> And yes, if you want the absolute best, Opus 4.8 exists. It also costs more per 20 minutes of heavy use than I paid for this entire GPU and adapter setup combined. But the gap is shockingly small.

I don't think this is a fair characterization of the situation. I use frontier models via API pre-paid tokens every single day, and I can barely rack up $100 per month. The fact that we figured out how to burn double this in 20 minutes is impressive, but I don't think it reflects the reality that many are experiencing right now. There are some exceptionally gluttonous approaches to harnessing LLMs that I think are serving as convenient straw men in these discussions.

Paying for the API will almost always be more economical than self-hosting equivalent infrastructure. I am not against self-hosting, but the article suggests a primarily economic motivation for this effort. If you are consuming fewer than 10^9 tokens per month, I really don't think it's worth your time to try and compete with the hyperscalars. Most of the money is to be found in the integration of this technology with existing businesses.

I use hosted providers myself, but I can churn through $100 worth of tokens in half a day even with cheap models like Deepseek easily. If someone's use is as light as yours, then sure - grab a subscription and you'll save far more. For higher use it will come down to how cheap your electricity is whether it is worth offloading at least some of it (for me it's not, FWIW)

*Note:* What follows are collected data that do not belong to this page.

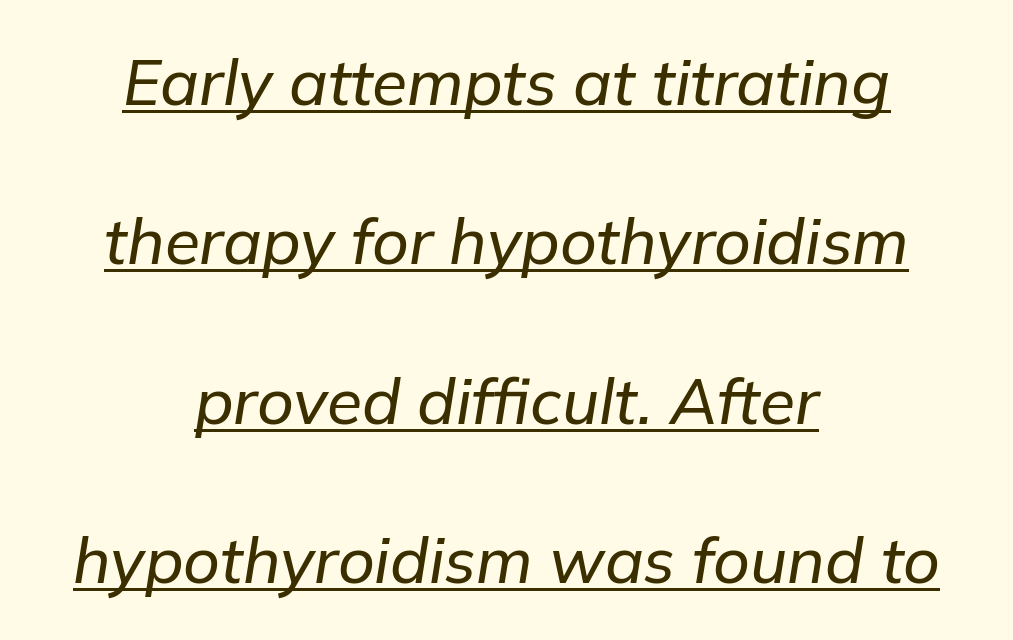
The string is rendered with underlining switched on. The rendering applies a slant to the glyphs. Spacing verdict: proportional, widths tailored to each character. Each word holds together tightly as a unit, with standard inter-letter gaps.
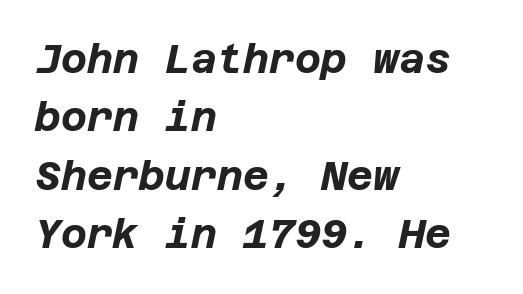
The image shows 40 px bold type, italic (leaning right); set left-aligned, normal line spacing (1.46x), normal letter spacing, not underlined; low stroke contrast and a large x-height.
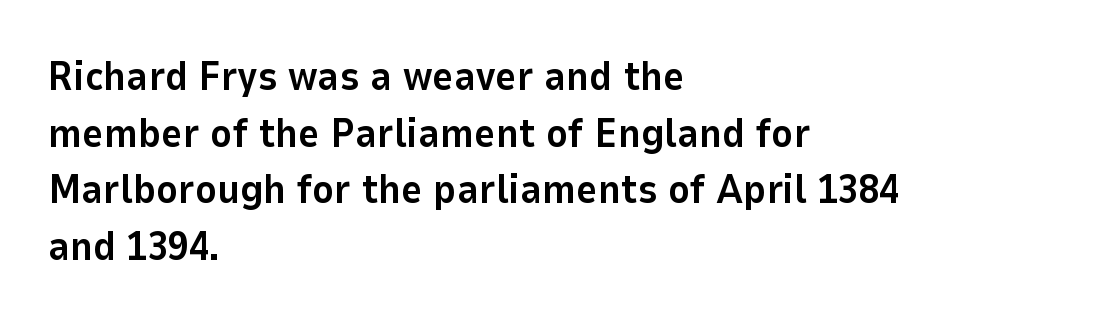
The image shows 41 px bold sans-serif type, upright; set left-aligned, normal line spacing (1.38x), normal letter spacing, not underlined; low stroke contrast and a medium x-height.
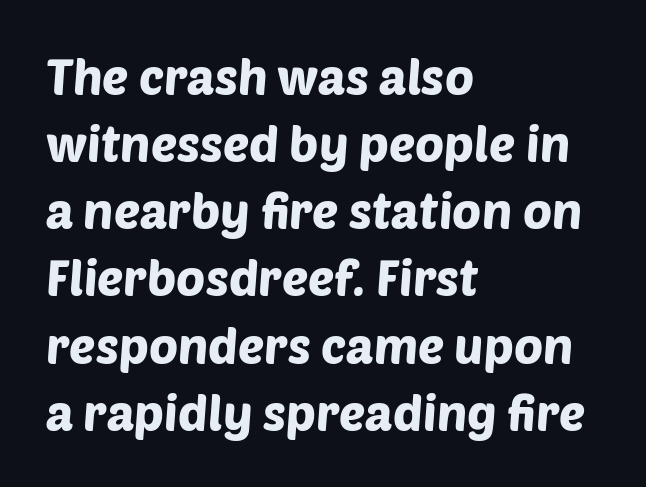
{"serif": "no", "width": "normal", "stroke_contrast": "low", "x_height": "large", "monospaced": "no", "underline": "no", "align": "left", "line_spacing": "normal", "line_spacing_ratio": 1.37, "letter_spacing": "normal", "letter_spacing_em": 0.0, "glyph_px": 49}
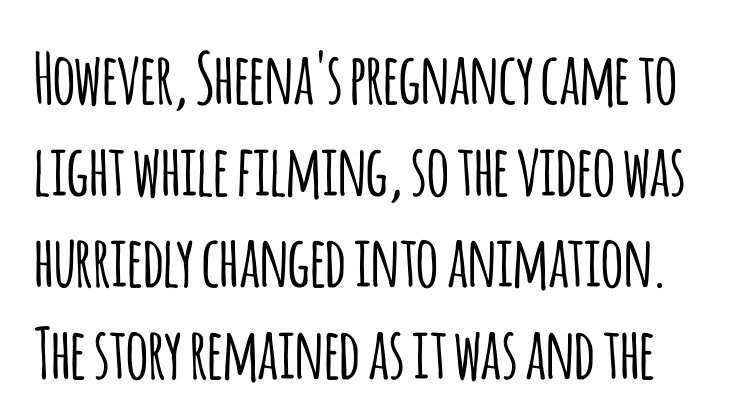
{"serif": "no", "italic": "no", "width": "condensed", "stroke_contrast": "low", "x_height": "large", "monospaced": "no", "underline": "no", "line_spacing": "normal", "line_spacing_ratio": 1.31, "letter_spacing": "normal", "letter_spacing_em": 0.0, "glyph_px": 70}
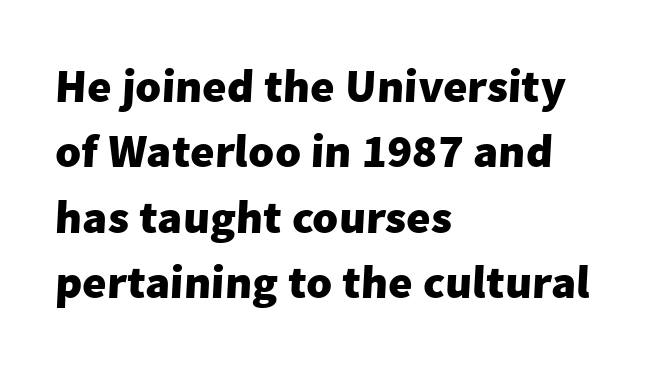
The image shows 47 px heavy sans-serif type; set left-aligned, normal line spacing (1.39x), normal letter spacing, not underlined; low stroke contrast and a medium x-height.
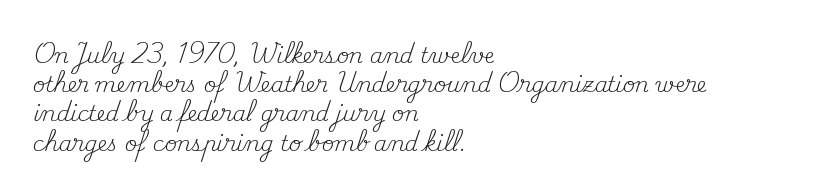
Tracking here is standard; glyphs follow each other at the usual distance. Heft: none added — not bold. These lines are set flush left with a ragged right edge. Has an underline been added? It has not.
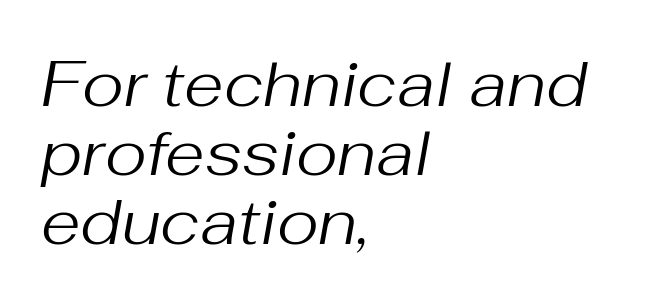
The image shows 64 px regular-weight type, italic (leaning right); set left-aligned, tight line spacing (1.08x), normal letter spacing, not underlined; medium stroke contrast and a medium x-height.
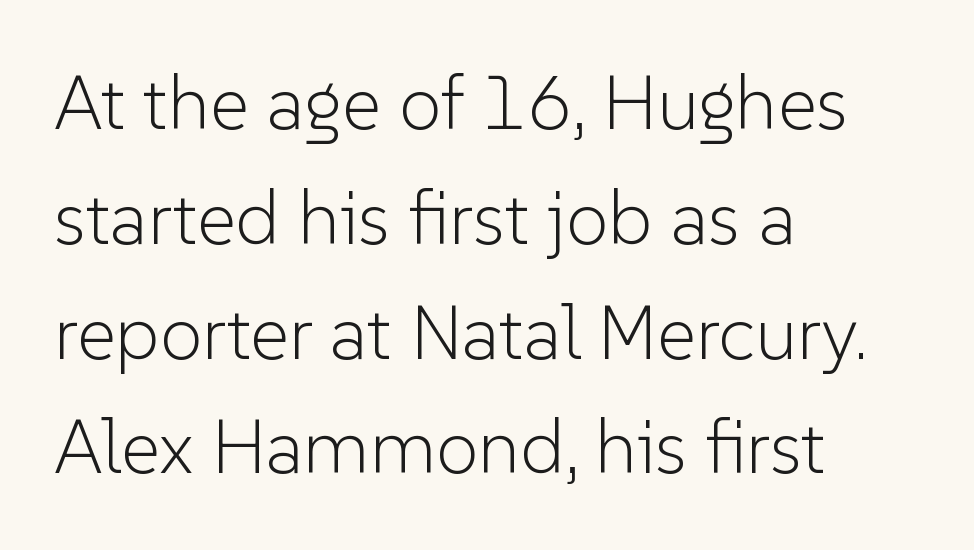
Students, observe: this is what conventionally led text looks like. Inter-character spacing is left at the font's built-in metrics. A sans-serif font was chosen for this passage. Posture: upright roman. Spacing verdict: proportional, widths tailored to each character.

Same, very surprised when people on HN are shocked by high token burn - it's really not hard if you've figured out how to use LLMs!

Could you share a bit about what you’re working on or what type of projects require that much usage? Is it hobby, production, revenue generating?

A mix. I have hobby projects that churn through that much when I don't need the tokens for others things. I also have projects for clients that easily consumes those levels. As well as a stealth-ish potential startup. Currently I'm at 4 different subscriptions + more than I'd like in spend via OpenRouter...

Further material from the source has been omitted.